- _What is needed_: Once you have located the line containing "Q: Is the text bold? A: No." in the material below, return it exactly along with each line after it through the line containing "Q: Monospaced? A: No.".

- _Provided records_:
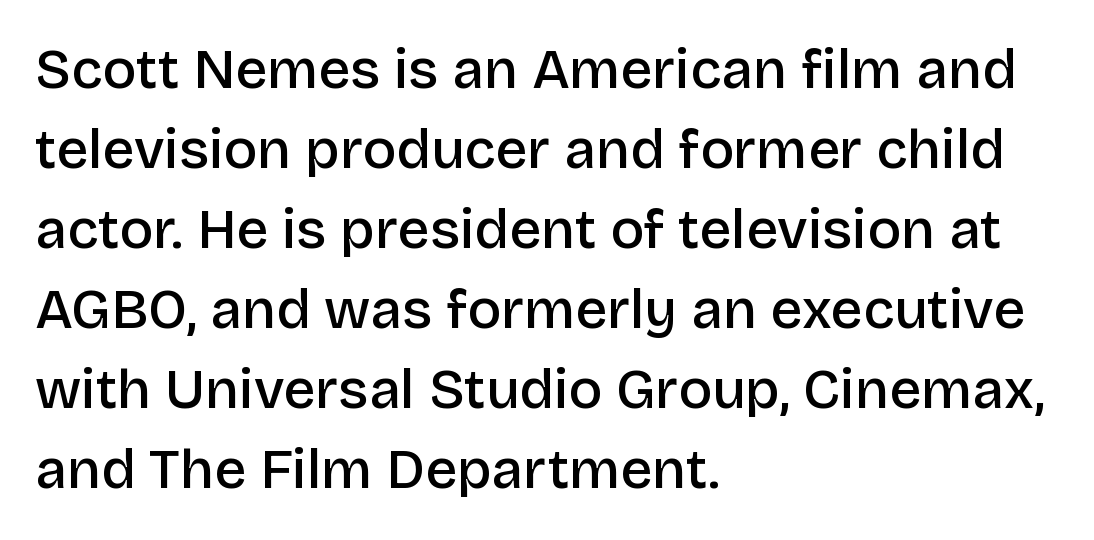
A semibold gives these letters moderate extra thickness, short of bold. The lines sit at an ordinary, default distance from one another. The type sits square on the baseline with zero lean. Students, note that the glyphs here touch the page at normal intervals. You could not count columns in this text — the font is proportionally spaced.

--

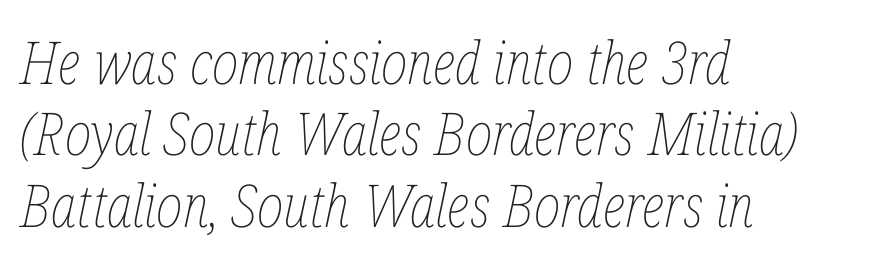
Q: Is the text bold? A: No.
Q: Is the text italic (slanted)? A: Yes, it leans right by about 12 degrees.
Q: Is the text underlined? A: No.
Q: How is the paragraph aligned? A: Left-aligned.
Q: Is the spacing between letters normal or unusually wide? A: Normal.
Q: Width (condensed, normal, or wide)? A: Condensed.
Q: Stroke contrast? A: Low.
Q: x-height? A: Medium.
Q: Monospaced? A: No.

==

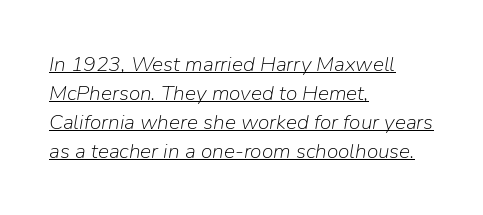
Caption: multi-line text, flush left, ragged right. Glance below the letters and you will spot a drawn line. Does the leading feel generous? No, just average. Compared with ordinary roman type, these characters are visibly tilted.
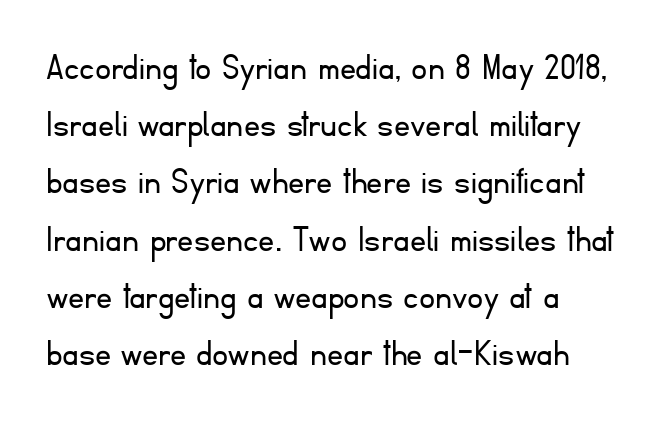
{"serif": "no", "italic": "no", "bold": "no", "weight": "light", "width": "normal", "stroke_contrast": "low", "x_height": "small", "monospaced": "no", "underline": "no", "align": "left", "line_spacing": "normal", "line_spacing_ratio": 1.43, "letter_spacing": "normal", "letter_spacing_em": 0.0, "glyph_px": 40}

- _Task response_:
Q: Is the text bold? A: No.
Q: Is the text italic (slanted)? A: Yes, it leans right by about 12 degrees.
Q: Is the text underlined? A: No.
Q: How is the paragraph aligned? A: Left-aligned.
Q: Is the spacing between letters normal or unusually wide? A: Normal.
Q: Width (condensed, normal, or wide)? A: Condensed.
Q: Stroke contrast? A: Low.
Q: x-height? A: Medium.
Q: Monospaced? A: No.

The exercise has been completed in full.